Critical Philologies

  1. Comparative Philology and Critical Ancient World Studies – Krishnan J. Ram-Prasad
  2. Forging the Anti-Lexicon with Hephaestus – Hannah Silverblank
  3. Sappho’s Body as Archive: Towards a Deep Lez Philology – Ella Haselswerdt

Critical Time and Critical Space

  1. Colonial Cartography and the Classical Imagination: Mapping Critique and Dreaming Ancient Worlds – Mathura Umachandran
  2. Away from “Civilisational” Heritage in the Eastern Mediterranean: Embracing Classical and Islamic Cultural Co-presences and Simultaneous Histories at the Parthenon and Ayasofya – Lylaah L. Bhalerao
  3. Queer Time, Crip Time, Woman Time, Sick Time, Sleepy Time, Muslim Time… Remaking Temporality Beyond “the Classical”– Marchella Ward

Critical Approaches

  1. A Loss of Faith Brings Vertigo: Icarus, Black and Queer Embodiment and the Failure of the West – Patrice Rankine
  2. Critical Reception Studies: The White Feminism of Feminist Reception Scholarship – Holly Ranger
  3. The Anti-radical Classicism of Karl Marx’s Dissertation– Kiran Pizarro Mansukhani

Afterword(s): In the Jaws of CAWS: A Response – Dan-el Padilla Peralta.

 

Notes

[1] As Padilla Peralta (p. 258) notes, CAWS enacts and improves upon the promise of a globalizing “classics” as outlined by Bromberg’s (2021: 97) reconfiguration towards “the recognition of alternative antiquities and the amplification of voices from outside of the field’s traditional spatial and temporal boundaries–and, importantly, from outside of the field’s traditional centers of knowledge production.” On Bromberg 2021 as a timely intervention at a critical moment in classics’ disciplinary history, see Nguyen 2022.

[2] Umachandran and Ward (pp. 3-4) cite ReOrient, a journal of Critical Muslim Studies, as a model for the CAWs project. ReOrient defines Critical Muslim Studies as “an epistemological orientation” which “includes a critique of Eurocentrism and positivism and an engagement with decolonial and postcolonial thinking.” See https://criticalmuslimstudies.co.uk/about-us/; link accessed 25 Nov. 2024.

[3] On the silence of classicists, archaeologists, and ancient historians regarding the ongoing genocide of the Palestinian people, see Everyday Orientalism (EO) and Critical Ancient World Studies (CAWS) 2024, Blouin and Rao 2024. On 15 May 2024, the University Network for Human Rights (UNHR), a consortium of human rights centers at colleges across the world, published a report which states the following: “After reviewing the facts established by independent human rights monitors, journalists, and United Nations agencies, we conclude that Israel’s actions in and regarding Gaza since October 7, 2023, violate the Genocide Convention [of 1948]” (2024: 2).

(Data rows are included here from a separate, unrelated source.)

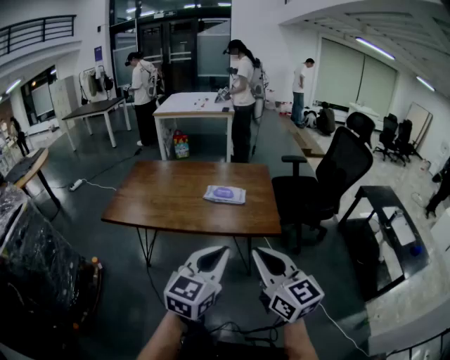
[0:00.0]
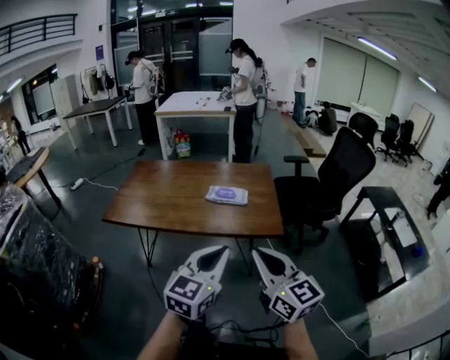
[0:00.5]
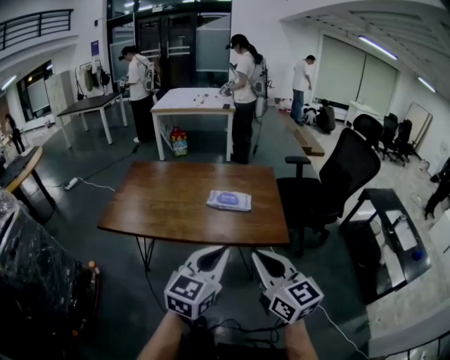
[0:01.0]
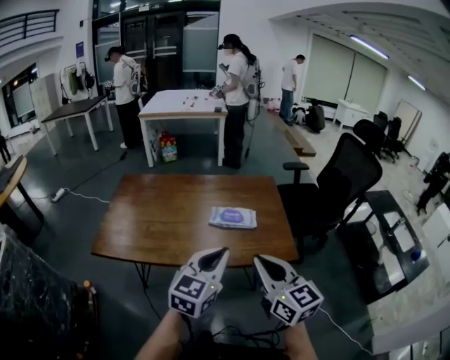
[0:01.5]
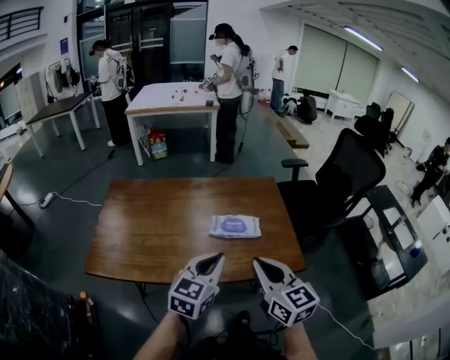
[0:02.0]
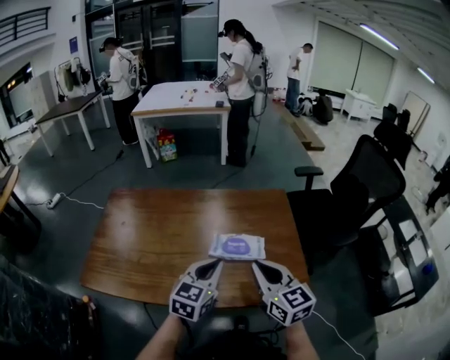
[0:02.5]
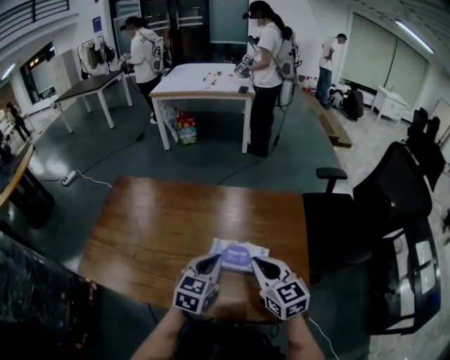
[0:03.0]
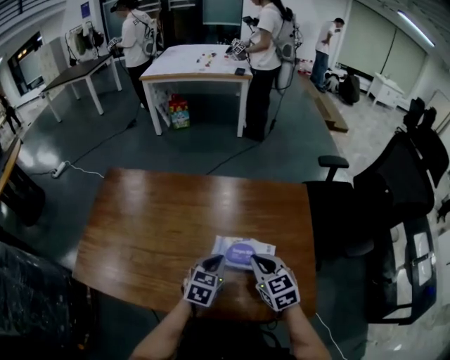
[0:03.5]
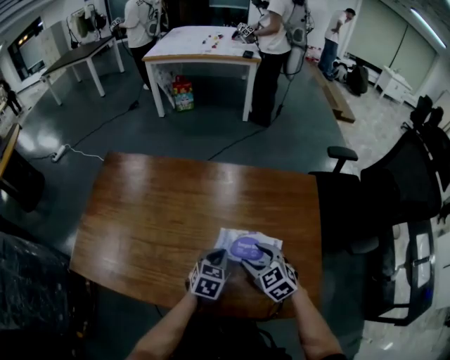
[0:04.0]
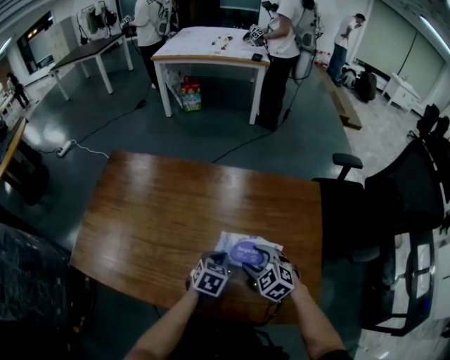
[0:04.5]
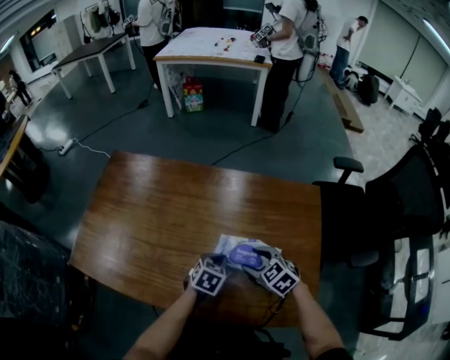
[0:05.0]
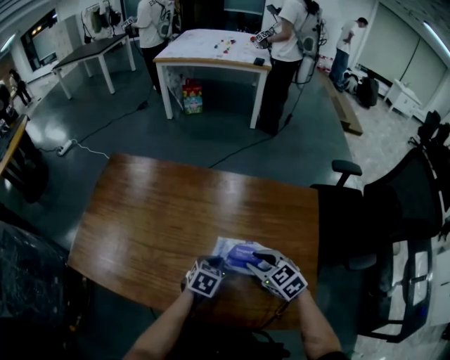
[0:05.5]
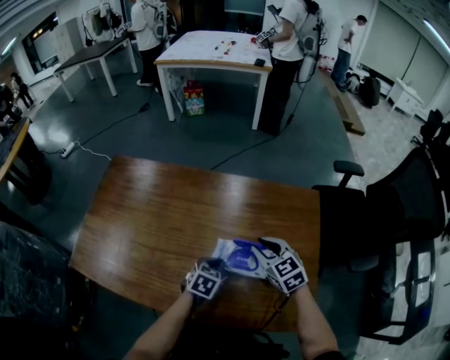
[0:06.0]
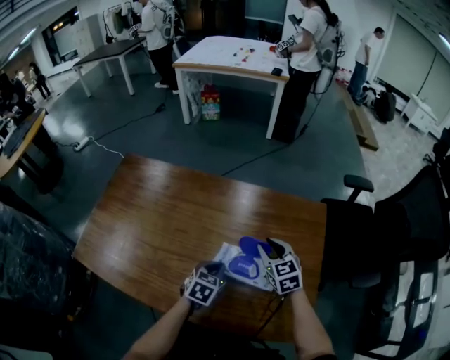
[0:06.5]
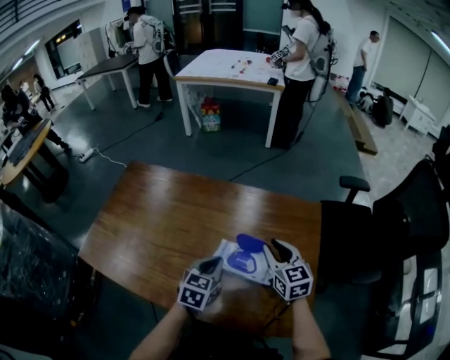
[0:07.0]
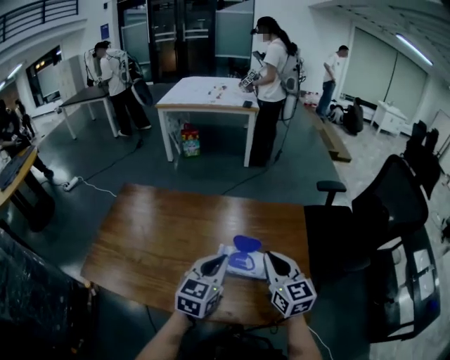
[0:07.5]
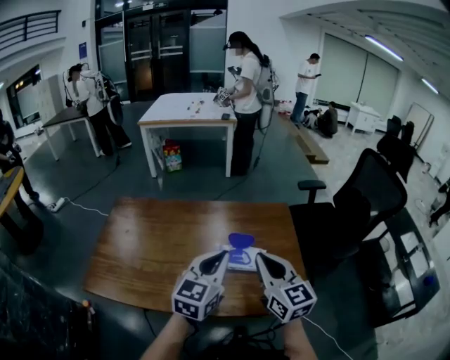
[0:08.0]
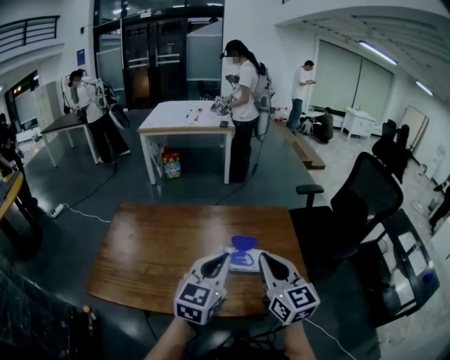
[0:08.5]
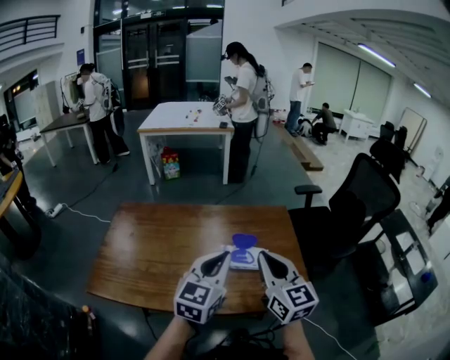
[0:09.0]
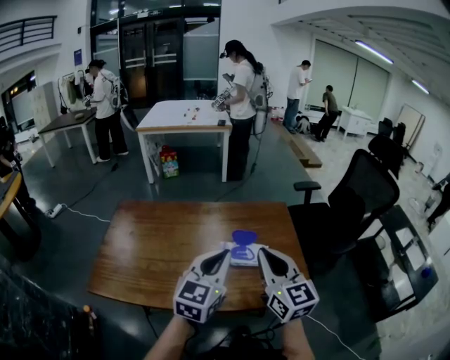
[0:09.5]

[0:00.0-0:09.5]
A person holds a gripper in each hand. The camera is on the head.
0:00.0 to 0:02.0: Both grippers move forward and to the left, approximately 30 cm.
0:02.0 to 0:04.0: The right gripper shifts about 35 cm forward and downward, tips its fingers downward by about 30 degrees, and opens its fingers. The left gripper travels downward and forward by roughly 30 cm, and swivels some 30 degrees.
0:04.0 to 0:05.5: The right gripper closes up.
0:05.5 to 0:07.5: The grippers both shift upward by approximately 20 cm. The right gripper angles its fingers upward, by about 30 degrees, and closes; the left gripper tilts its fingers some 40 degrees upward.
0:07.5 to 0:09.5: The left gripper shifts approximately 15 cm upward and backward, while the right gripper goes some 15 cm backward and upward.

[4] For a similar discussion of public intellectuals seeking the “aura of virtue,” see Kotrosits 2020: 154-158.

[5] The history of comparative linguistics’ development hand-in-hand with race science is also the history of comparative religion (or “world religion”); see Olender 1992, Masuzawa 2005, Demoule 2023. On classical philology’s “co-emergence and co-dependency with race science,” see Eccleston and Padilla Peralta 2022: 210.

[6] On the “pretense of pure philology,” see Rankine 2019: 348. D’Angelo and Stewart 2024: 14 discuss the implications of philological purity in relation to classics as an “autodidactic or anti-pedagogical discipline” which “claims to simply teach itself.”

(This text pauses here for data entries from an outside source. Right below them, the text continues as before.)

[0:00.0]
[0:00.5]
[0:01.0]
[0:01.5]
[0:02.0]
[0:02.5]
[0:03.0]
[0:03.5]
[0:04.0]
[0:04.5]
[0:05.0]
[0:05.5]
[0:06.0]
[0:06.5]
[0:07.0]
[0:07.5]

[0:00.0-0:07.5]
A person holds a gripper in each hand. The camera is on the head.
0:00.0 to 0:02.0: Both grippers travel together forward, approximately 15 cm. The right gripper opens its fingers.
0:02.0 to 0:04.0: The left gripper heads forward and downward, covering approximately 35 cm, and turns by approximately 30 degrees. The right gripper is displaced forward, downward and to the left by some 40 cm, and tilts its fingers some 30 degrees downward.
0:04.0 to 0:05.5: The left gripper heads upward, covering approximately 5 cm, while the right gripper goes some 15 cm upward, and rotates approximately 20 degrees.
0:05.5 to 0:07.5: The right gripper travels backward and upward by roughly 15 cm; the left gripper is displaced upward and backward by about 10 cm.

[7] On the Black feminist lexicon as a critical response to prejudicial translations of ancient racial terms by modern scholars, see Haley 1993, 2009, with Bellei 2024. As Silverblank (p. 115) notes, the authoritative Greek dictionary, the LSJ, gives a prejudicial definition of the Greek term Aithiops; for a similarly egregious definition of Aethiops in the Latin dictionary, Lewis and Short, see Čulík-Baird 2023: 183n3. Derbew’s emphasis upon “blazing” (i.e., “shining”) rather than simply “burning” in the etymology of Aithiops (2022: 14) demonstrates a broader semantic system in which the term operates.

[8] Gumbrecht 2003: 4. Despite philology’s projected self-image of objectivity, it is nonetheless identified even by its own constituents as a system not only of “probabilities and persuasion” (Tarrant 2016: 29) but also emotion (Güthenke 2020).